Considering that computers compute so much better than us, where is it that they fall short in math?
So far, in the realm of mathematical proofs, very short. In particular, they have no idea how to ask an interesting question – at least, what humans would consider an interesting mathematical question.
Do you see advanced mathematical problem solving as creative or logical?
It’s both. The creativity is the top-level part of the work. It’s intuition and association and the ability to make connections based on prior experience. It’s about cooking up interesting questions, and noticing patterns, or realizing that something about this feels like something else I’ve thought about, and asking, “Is there some relationship between them?” It’s not until you sit down and crank out the very rigid, logical structure – which can result in beautiful proofs – that the straight forward logic comes in.

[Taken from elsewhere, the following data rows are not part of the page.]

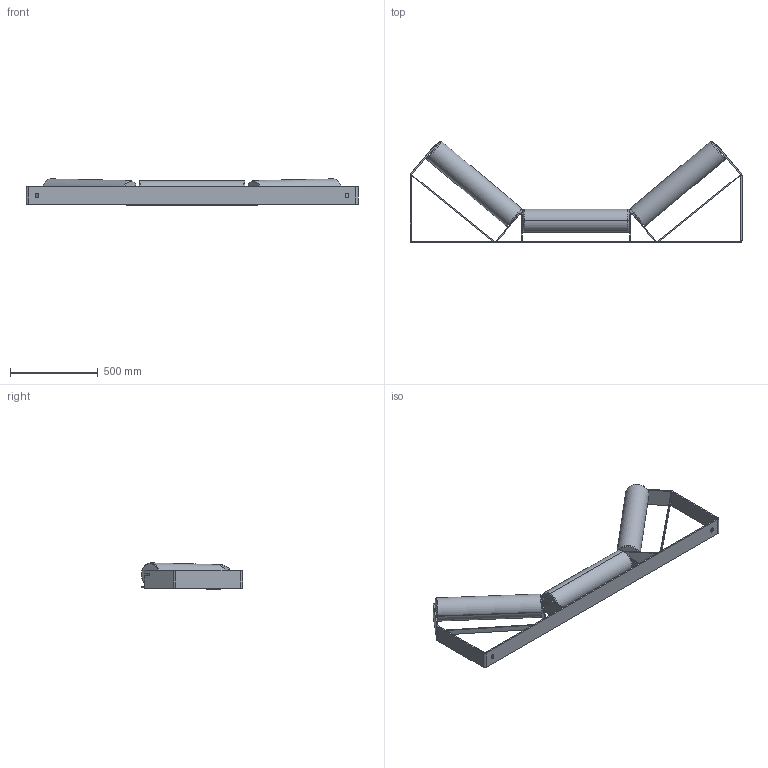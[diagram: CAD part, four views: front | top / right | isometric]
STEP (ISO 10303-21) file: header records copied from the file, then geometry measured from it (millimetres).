
FILE_DESCRIPTION (( 'STEP AP214' ), '1' );
FILE_NAME ('Support SNP 53301 E125 8 B1600 40° avec pincement.step', '2020-02-20T23:13:26', ( '' ), ( '' ), 'SwSTEP 2.0', 'SolidWorks 2019', '' );
FILE_SCHEMA (( 'AUTOMOTIVE_DESIGN' ));
Length unit declared in the file: millimetre
Products named in the file (1): Support SNP 53301 E125 8 B1600 40° avec pincement
Bounding box: 1890 x 576.93 x 149.27 mm (x, y, z)
Volume: 6790491.7 mm3; surface area: 2871731.4 mm2
Topology: 11 solids, 14 shells, 315 faces, 762 edges, 488 vertices
Faces by surface type: plane 223, cylinder 63, bspline 17, torus 12
Entity records: 9338 total; most frequent: CARTESIAN_POINT 1787, ORIENTED_EDGE 1524, DIRECTION 1500, EDGE_CURVE 762, LINE 554, VECTOR 554, VERTEX_POINT 488, AXIS2_PLACEMENT_3D 473
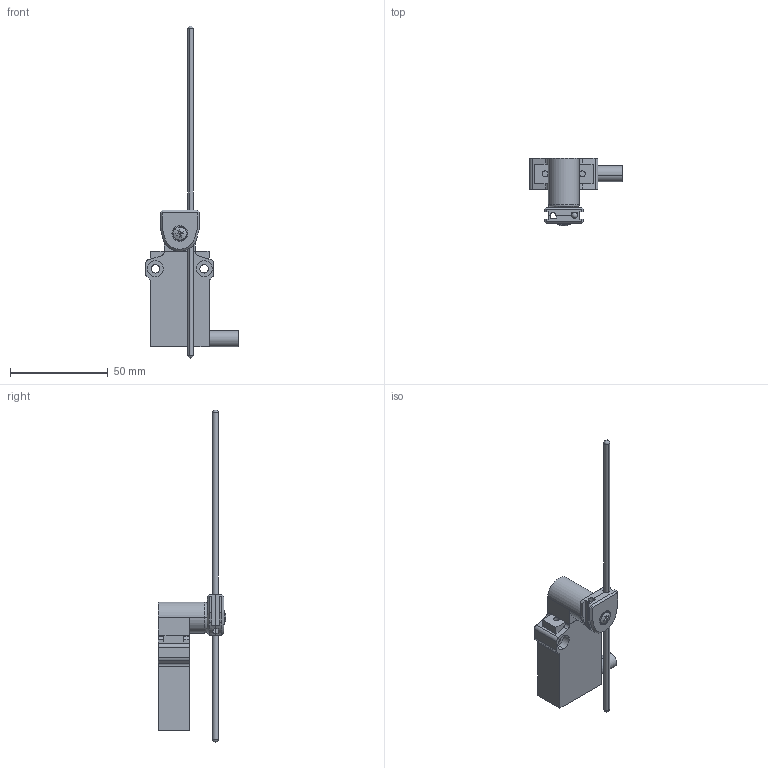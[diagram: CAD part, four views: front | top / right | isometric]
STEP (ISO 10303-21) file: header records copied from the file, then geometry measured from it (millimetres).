
FILE_DESCRIPTION (( 'STEP AP214' ), '1' );
FILE_NAME ('AEM2G7220Z11-3R.step', '2017-12-19T21:32:35', ( '' ), ( '' ), 'SwSTEP 2.0', 'SolidWorks 2017', '' );
FILE_SCHEMA (( 'AUTOMOTIVE_DESIGN' ));
Length unit declared in the file: inch
Products named in the file (1): AEM2G7220Z11-3R
Bounding box: 47.5 x 34.7 x 170 mm (x, y, z)
Volume: 31872.4 mm3; surface area: 13221.5 mm2
Topology: 7 solids, 7 shells, 221 faces, 549 edges, 354 vertices
Faces by surface type: plane 139, cylinder 65, bspline 12, cone 5
Full cylindrical faces by diameter (mm): 3.5 x2
Entity records: 15501 total; most frequent: CARTESIAN_POINT 7261, ORIENTED_EDGE 1090, DIRECTION 1077, EDGE_CURVE 545, AXIS2_PLACEMENT_3D 359, VECTOR 359, LINE 359, VERTEX_POINT 354
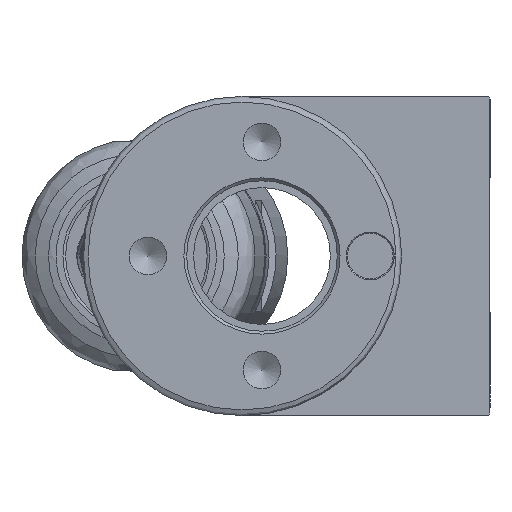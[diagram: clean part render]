
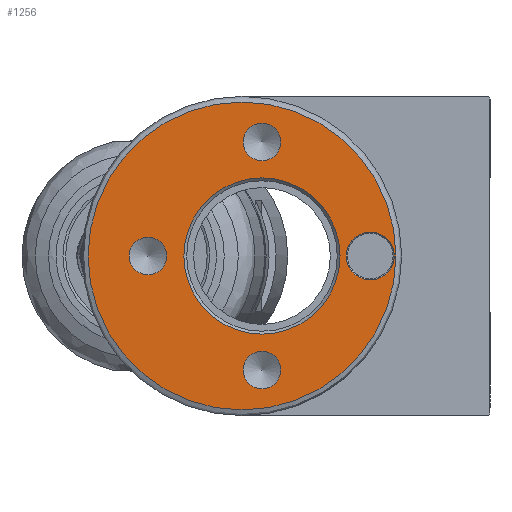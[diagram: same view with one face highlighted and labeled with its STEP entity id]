
A CAD part, left-side view. The second image highlights one B-rep face of the part: STEP entity #1256.
In plain terms, the highlighted planar face has unit normal (-1, 0, 0).
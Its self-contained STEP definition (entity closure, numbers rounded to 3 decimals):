
#41 = EDGE_CURVE ( 'NONE', #477, #477, #177, .T. ) ;
#116 = CARTESIAN_POINT ( 'NONE',  ( 0., -11.25, 2.1 ) ) ;
#177 = CIRCLE ( 'NONE', #694, 6.85 ) ;
#223 = ORIENTED_EDGE ( 'NONE', *, *, #1049, .F. ) ;
#237 = DIRECTION ( 'NONE',  ( 0., 0., -1. ) ) ;
#261 = DIRECTION ( 'NONE',  ( -1., 0., 0. ) ) ;
#348 = AXIS2_PLACEMENT_3D ( 'NONE', #785, #5714, #5649 ) ;
#367 = CIRCLE ( 'NONE', #4591, 1.65 ) ;
#397 = AXIS2_PLACEMENT_3D ( 'NONE', #1005, #4371, #2974 ) ;
#404 = ORIENTED_EDGE ( 'NONE', *, *, #2331, .F. ) ;
#477 = VERTEX_POINT ( 'NONE', #2442 ) ;
#583 = EDGE_CURVE ( 'NONE', #4078, #4078, #592, .T. ) ;
#592 = CIRCLE ( 'NONE', #5216, 2.1 ) ;
#694 = AXIS2_PLACEMENT_3D ( 'NONE', #1850, #1197, #237 ) ;
#785 = CARTESIAN_POINT ( 'NONE',  ( 0., 0., 0. ) ) ;
#1005 = CARTESIAN_POINT ( 'NONE',  ( 0., 0., 0. ) ) ;
#1049 = EDGE_CURVE ( 'NONE', #4143, #4143, #5744, .T. ) ;
#1132 = VERTEX_POINT ( 'NONE', #6046 ) ;
#1172 = EDGE_LOOP ( 'NONE', ( #1638 ) ) ;
#1197 = DIRECTION ( 'NONE',  ( 1., 0., 0. ) ) ;
#1256 = ADVANCED_FACE ( 'NONE', ( #3947, #2887, #1498, #5462, #4858, #2915 ), #2533, .F. ) ;
#1457 = CARTESIAN_POINT ( 'NONE',  ( 0., -1.75, 11.65 ) ) ;
#1498 = FACE_BOUND ( 'NONE', #2011, .T. ) ;
#1638 = ORIENTED_EDGE ( 'NONE', *, *, #6069, .T. ) ;
#1707 = CARTESIAN_POINT ( 'NONE',  ( 0., 8.25, 0. ) ) ;
#1726 = CARTESIAN_POINT ( 'NONE',  ( 0., 8.25, 1.65 ) ) ;
#1850 = CARTESIAN_POINT ( 'NONE',  ( 0., -1.75, 0. ) ) ;
#2011 = EDGE_LOOP ( 'NONE', ( #223 ) ) ;
#2041 = ORIENTED_EDGE ( 'NONE', *, *, #4769, .F. ) ;
#2331 = EDGE_CURVE ( 'NONE', #3683, #3683, #4201, .T. ) ;
#2345 = EDGE_LOOP ( 'NONE', ( #404 ) ) ;
#2435 = DIRECTION ( 'NONE',  ( -1., 0., 0. ) ) ;
#2442 = CARTESIAN_POINT ( 'NONE',  ( 0., -1.75, -6.85 ) ) ;
#2533 = PLANE ( 'NONE',  #397 ) ;
#2775 = DIRECTION ( 'NONE',  ( 0., 0., 1. ) ) ;
#2817 = DIRECTION ( 'NONE',  ( -1., 0., 0. ) ) ;
#2887 = FACE_BOUND ( 'NONE', #5489, .T. ) ;
#2915 = FACE_OUTER_BOUND ( 'NONE', #1172, .T. ) ;
#2956 = AXIS2_PLACEMENT_3D ( 'NONE', #6309, #2817, #3850 ) ;
#2974 = DIRECTION ( 'NONE',  ( 0., 0., -1. ) ) ;
#3068 = ORIENTED_EDGE ( 'NONE', *, *, #583, .F. ) ;
#3425 = CIRCLE ( 'NONE', #348, 13.5 ) ;
#3449 = VERTEX_POINT ( 'NONE', #1457 ) ;
#3631 = EDGE_LOOP ( 'NONE', ( #5631 ) ) ;
#3683 = VERTEX_POINT ( 'NONE', #1726 ) ;
#3704 = CARTESIAN_POINT ( 'NONE',  ( 0., -11.25, 0. ) ) ;
#3817 = CARTESIAN_POINT ( 'NONE',  ( 0., -1.75, 10. ) ) ;
#3850 = DIRECTION ( 'NONE',  ( 0., 0., 1. ) ) ;
#3947 = FACE_BOUND ( 'NONE', #3631, .T. ) ;
#4078 = VERTEX_POINT ( 'NONE', #116 ) ;
#4143 = VERTEX_POINT ( 'NONE', #4571 ) ;
#4201 = CIRCLE ( 'NONE', #6162, 1.65 ) ;
#4371 = DIRECTION ( 'NONE',  ( 1., 0., 0. ) ) ;
#4400 = DIRECTION ( 'NONE',  ( 0., 0., 1. ) ) ;
#4571 = CARTESIAN_POINT ( 'NONE',  ( 0., -1.75, -8.35 ) ) ;
#4591 = AXIS2_PLACEMENT_3D ( 'NONE', #3817, #2435, #4400 ) ;
#4769 = EDGE_CURVE ( 'NONE', #3449, #3449, #367, .T. ) ;
#4858 = FACE_BOUND ( 'NONE', #6329, .T. ) ;
#5147 = DIRECTION ( 'NONE',  ( -1., 0., 0. ) ) ;
#5216 = AXIS2_PLACEMENT_3D ( 'NONE', #3704, #261, #2775 ) ;
#5462 = FACE_BOUND ( 'NONE', #2345, .T. ) ;
#5489 = EDGE_LOOP ( 'NONE', ( #3068 ) ) ;
#5631 = ORIENTED_EDGE ( 'NONE', *, *, #41, .T. ) ;
#5649 = DIRECTION ( 'NONE',  ( 0., 0., -1. ) ) ;
#5714 = DIRECTION ( 'NONE',  ( -1., 0., 0. ) ) ;
#5732 = DIRECTION ( 'NONE',  ( 0., 0., 1. ) ) ;
#5744 = CIRCLE ( 'NONE', #2956, 1.65 ) ;
#6046 = CARTESIAN_POINT ( 'NONE',  ( 0., 0., -13.5 ) ) ;
#6069 = EDGE_CURVE ( 'NONE', #1132, #1132, #3425, .T. ) ;
#6162 = AXIS2_PLACEMENT_3D ( 'NONE', #1707, #5147, #5732 ) ;
#6309 = CARTESIAN_POINT ( 'NONE',  ( 0., -1.75, -10. ) ) ;
#6329 = EDGE_LOOP ( 'NONE', ( #2041 ) ) ;

You’re coming to speak at JAI about the mathematics of symmetry – tell us a bit about that. How should we see symmetry as a mathematical concept?
Symmetry is a particularly great topic for understanding that notion of how mathematics is about abstract reasoning that I mentioned earlier. The mathematical notion of symmetry is invariance under change: can I apply a transformation to this object without changing it? This is an example of moving from the description of the object (round) to a description of its relationship to other things (in this case, itself).
A mathematician might be even more interested in the question: is its collection of symmetries a complete description of a circle? In other words, is it the only curve which can be rotated about any angle and remain the same? That’s a fun question to think about a little bit if you haven’t contemplated it before.
Symmetry is also a concept that is used in deep and abstract mathematics that is nonetheless interesting and accessible to non-mathematicians, as we see it every day in biology, art, and architecture. For me, that makes it particularly interesting to discuss with people who may have neutral or negative perceptions of the appeal of pure mathematics.